**What is being asked:** Exact copy, no pictures: return all the records as they stand.

################

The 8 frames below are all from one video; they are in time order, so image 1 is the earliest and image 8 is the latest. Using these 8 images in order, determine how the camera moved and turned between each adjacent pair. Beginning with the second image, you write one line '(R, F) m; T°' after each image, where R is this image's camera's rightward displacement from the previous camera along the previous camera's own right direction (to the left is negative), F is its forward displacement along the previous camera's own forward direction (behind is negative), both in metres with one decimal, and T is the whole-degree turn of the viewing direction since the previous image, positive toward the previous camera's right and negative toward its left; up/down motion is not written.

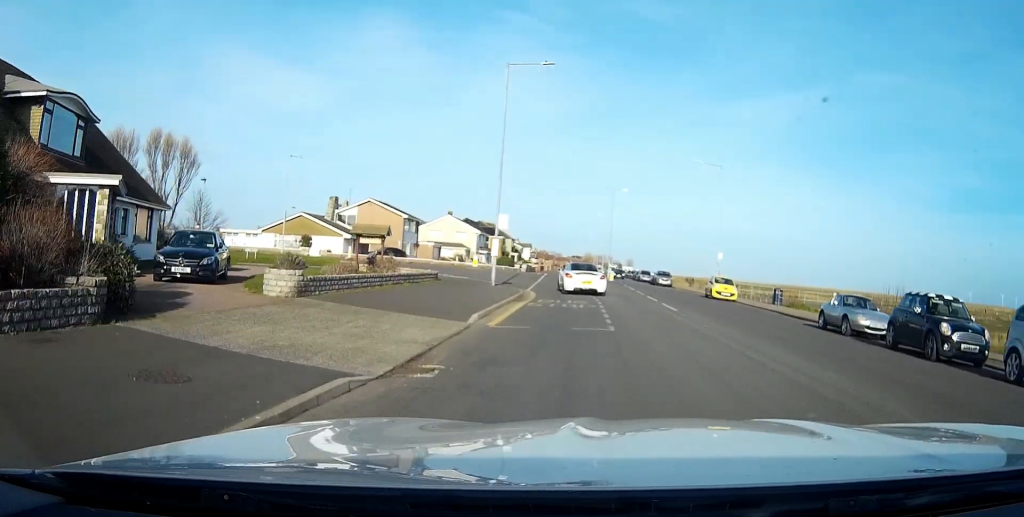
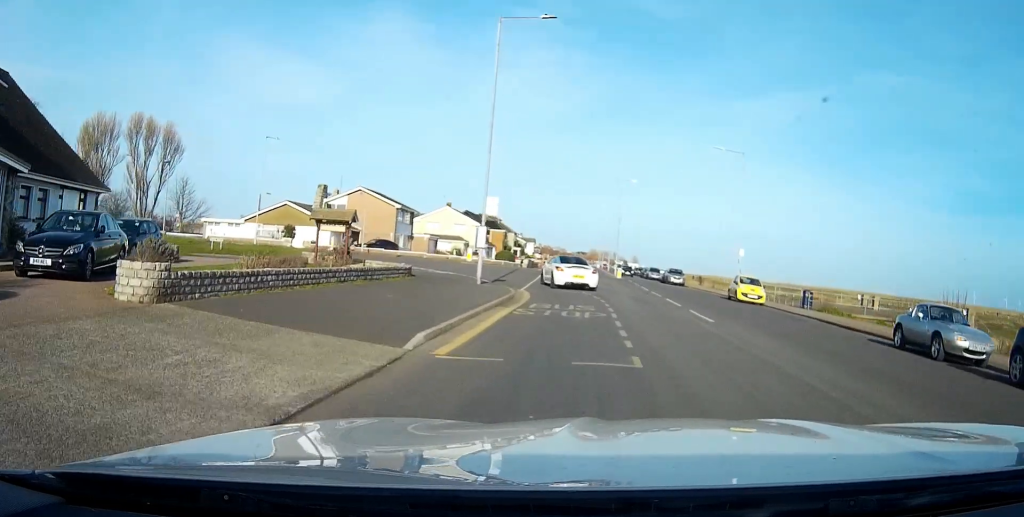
(0.0, +6.0) m; 0°
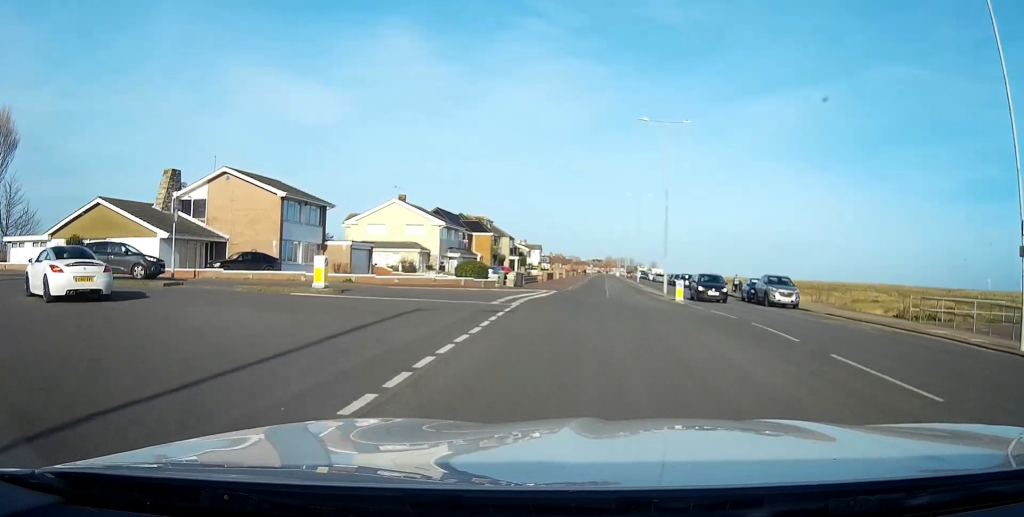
(0.0, +34.5) m; 0°
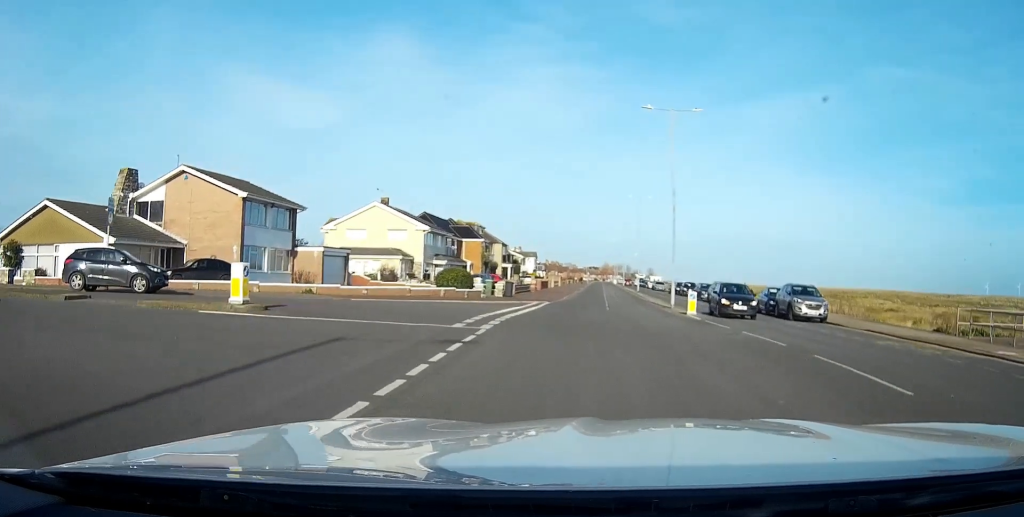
(0.0, +5.3) m; 0°
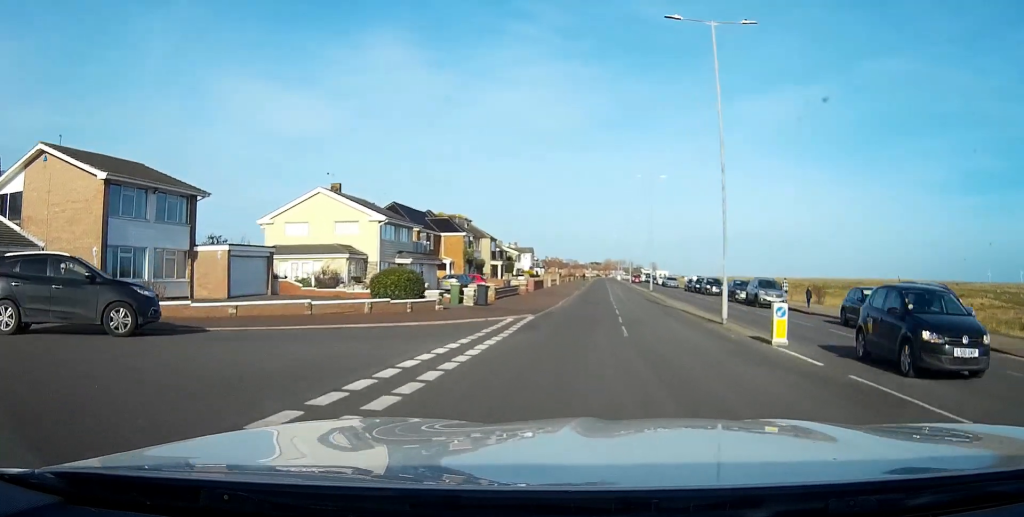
(+0.1, +13.9) m; 0°
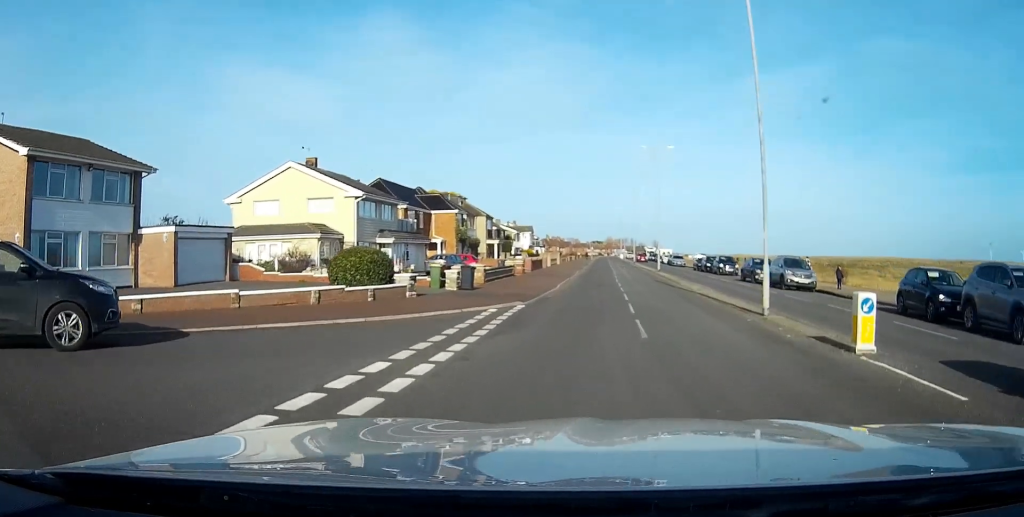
(0.0, +5.4) m; 0°
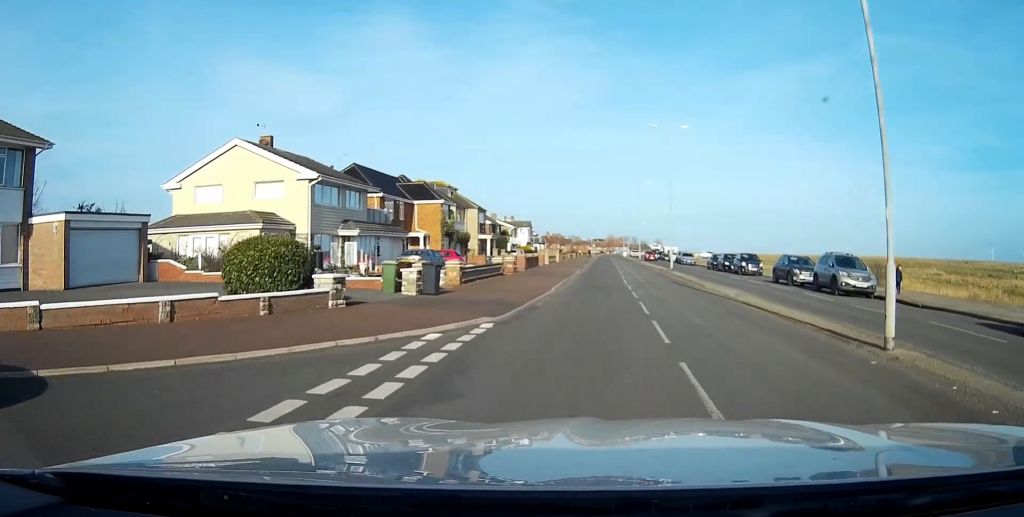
(0.0, +7.9) m; 0°
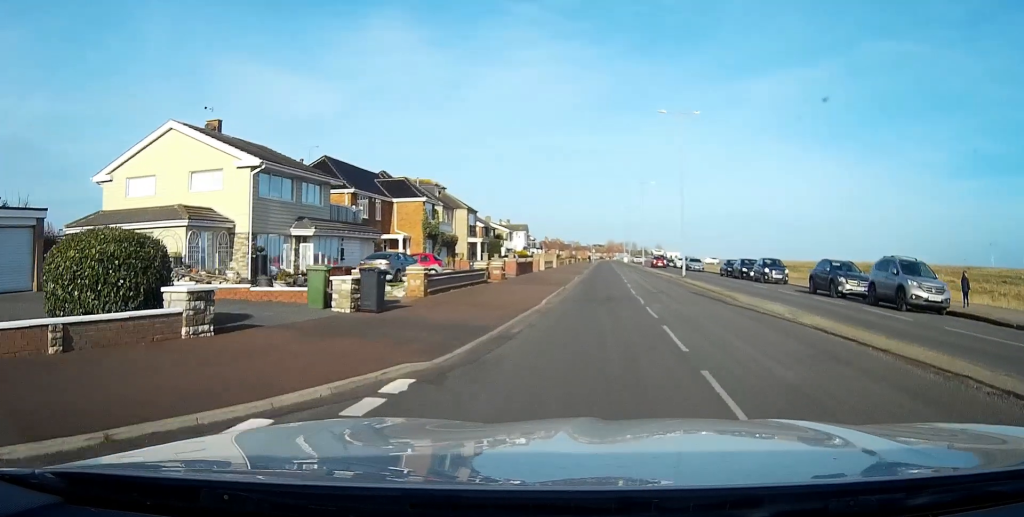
(0.0, +6.7) m; 0°

################

**Problem solution:**
The 8 frames below are all from one video; they are in time order, so image 1 is the earliest and image 8 is the latest. Using these 8 images in order, determine how the camera moved and turned between each adjacent pair. Beginning with the second image, you write one line '(R, F) m; T°' after each image, where R is this image's camera's rightward displacement from the previous camera along the previous camera's own right direction (to the left is negative), F is its forward displacement along the previous camera's own forward direction (behind is negative), both in metres with one decimal, and T is the whole-degree turn of the viewing direction since the previous image, positive toward the previous camera's right and negative toward its left; up/down motion is not written.

(0.0, +6.0) m; 0°
(0.0, +34.5) m; 0°
(0.0, +5.3) m; 0°
(+0.1, +13.9) m; 0°
(0.0, +5.4) m; 0°
(0.0, +7.9) m; 0°
(0.0, +6.7) m; 0°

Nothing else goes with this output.